Как уже упоминалось, в годы учебы в колледже я сформировал концепцию мудреца как человека, для которого все было Серьезным Делом. Сам я смеялся часто, но больше над глупостями, чем от непосредственной радости. Подобно большинству подготовленных колледжами интеллектуалов, я был склонен представлять себе мудрость как нечто довольно сухое. Но пока интеллект не смягчится сердечными качествами, он подобен земле без воды: тяжелой, но бесплодной. Мастер стремился отучить меня от этого пристрастия к сухой ментальной диете в той же степени, в какой я стремился отвыкнуть от нее.
Однажды вечером Норманн и я сидели с ним на кухне. Мастер позвал одну из Сестер и попросил ее принести из спальни коричневую бумажную сумку, в которой что-то лежало. Когда она вернулась, он выключил свет. Я услышал, как он достал что-то из сумки, затем шаловливо хихикнул. Внезапно раздался жужжащий металлический звук, и тут же из игрушечного пистолета посыпались искры. Хохоча от радости, как ребенок, Мастер вновь включил свет. Вслед за этим из другого игрушечного пистолета, лежавшего в сумке, он выстрелил в воздух крошечный парашют. Мы с каменными лицами наблюдали, как он опускался на пол. Я был совершенно изумлен.
Мастер взглянул на меня весело, хотя в его взоре и таилось спокойное понимание. «Они тебе понравились, Уолтер?»
Я засмеялся, пытаясь искренне войти в дух этой ситуации. «Они превосходны, сэр!» Мой комментарий выглядел как самовнушение.
Глядя на меня на сей раз глубоко, но с любовью, он процитировал слова Иисуса: «Пустите детей приходить ко мне, ибо таковых есть Царствие Божие»*
Одним из самых изумительных качеств Мастера была присущая ему абсолютная свобода духа. В глубочайших предметах он сохранял простоту и беззаботную непосредственность ребенка. В самых суровых испытаниях он мог найти причину для радости. Но, даже смеясь, он продолжал смотреть на жизнь со спокойствием и устремленностью человека, который во всем видит только лишь Бога. В сущих пустяках он часто видел проявление некой глубокой истины.
В Твенти-Найн-Палмз был соседский пес по кличке Боджо.

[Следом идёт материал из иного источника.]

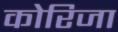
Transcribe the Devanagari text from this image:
कोरिजा
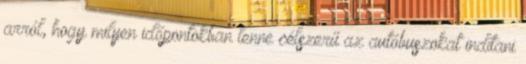
arról, hogy milyen időpontokban lenne célszerű az autóbuszokat indítani
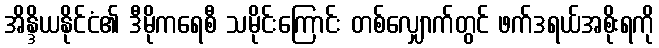
အိန္ဒိယနိုင်ငံ၏ ဒီမိုကရေစီ သမိုင်းကြောင်း တစ်လျှောက်တွင် ဖက်ဒရယ်အစိုးရကို
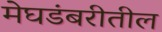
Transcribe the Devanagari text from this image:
मेघडंबरीतील
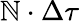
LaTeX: \mathbb{N}\cdot\Delta\tau
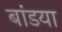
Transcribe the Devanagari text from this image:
बांडया
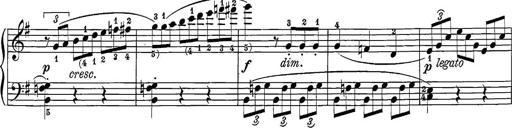
Title: 12 Sonatine per Pianoforte
Composer: Friedrich Kuhlau
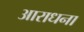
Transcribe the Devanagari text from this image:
अाराधना
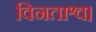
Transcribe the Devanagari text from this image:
विनताश्व।
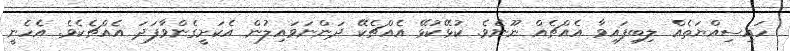
ހައިސިއްޔަތެއް ލިބިފައިވާ އެއްޗެއް ނޫނެވެ. ކުޅޭކުޅޭ އެއްޗެކޭ ދަންނަވައިލުން އެކަށީގެންވާފަދަ އެއްޗެކެވެ. އެހެނީ
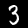
Label: 3
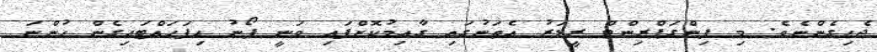
ޖެހިގެންނެވެ. މި ފިންގަޕްރިންޓް ރީޑަރު އެތަނުގައި ގާއިމުކޮށްފައި ވަނީ ފޯނު ހިފަހައްޓައިގެން ހުންނަ
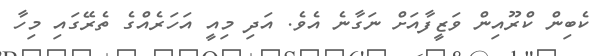
ކެބިން ކްރޫއިން ވަޒީފާއަށް ނަގާނެ އެވެ. އަދި މިއީ އަހަރެއްގެ ތެރޭގައި މިހާ
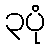
၃ပုံ
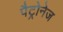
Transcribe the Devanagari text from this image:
पैट्रोनेज
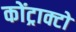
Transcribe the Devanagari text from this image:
कोंट्राक्टो
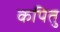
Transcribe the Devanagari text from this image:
कपितु
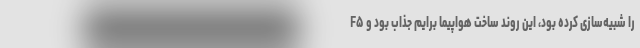
F۵ را شبیه‌سازی کرده بود، این روند ساخت هواپیما برایم جذاب بود و
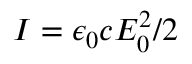
I = \epsilon _ { 0 } c E _ { 0 } ^ { 2 } / 2
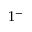
1 ^ { - }
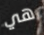
هي
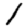
Digit: 1
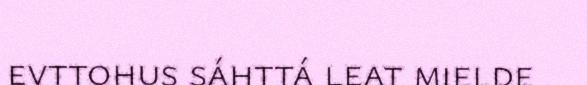
evttohus sáhttá leat mielde
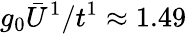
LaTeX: g_{0}\bar{U}^{1}/t^{1}\approx 1.49
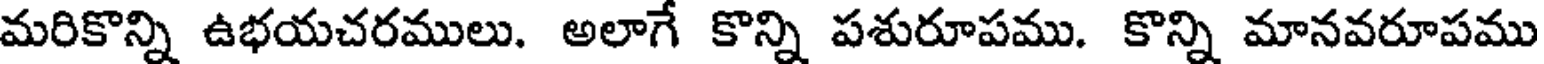
మరికొన్ని ఉభయచరములు. అలాగే కొన్ని పశురూపము. కొన్ని మానవరూపము
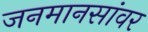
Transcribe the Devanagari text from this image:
जनमानसांवर
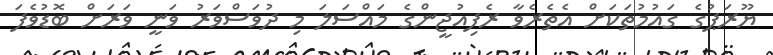
ޔޫރަޕުގެ ގައުމުތަކަށް އެތެރެވާ ރެފިއުޖީންގެ މައްސަލަ މި ދުވަސްވަރު ވަނީ ވަރަށް ބޮޑުވެފަ

Боджо решил, что, поскольку дом Мастера значительную часть времени остается необитаемым, он принадлежит к его законным владениям. В первый приезд в Твенти-Найн-Палмз Боджо яростно протестовал против нашего с Норманном присутствия, непрерывно рыча и лая на нас все время, пока мы работали на бассейне. В конце концов именно Норманн расположил его к себе при помощи комбинации «кнута и пряника»: когда Боджо лаял, Норманн обычно опрокидывал его на спину, а затем ласкал и бросал палки, чтобы тот их принес. Вскоре клыкастый сосед начал приходить к нам как друг.
Однажды к нашему обеду на открытом воздухе присоединился Мастер. Боджо почуял запах пищи и приблизился, выжидающе принюхиваясь.
—Посмотрите на этого пса, — заметил, посмеиваясь, Мастер. Он дал Боджо немного еды со своей тарелки. — Видите, как его лоб наморщился вверх? Хотя он думает только о еде, его ум сфокусирован на духовном глазе в однонаправленной концентрации!
Однажды вечером, во время диктовки, Мастер затронул вопрос реинкарнации. «Сэр,—поинтересовался я, — был ли я раньше йогом?»
— Много раз, — ответил он. — Ты непременно должен был быть йогом, чтобы оказаться здесь.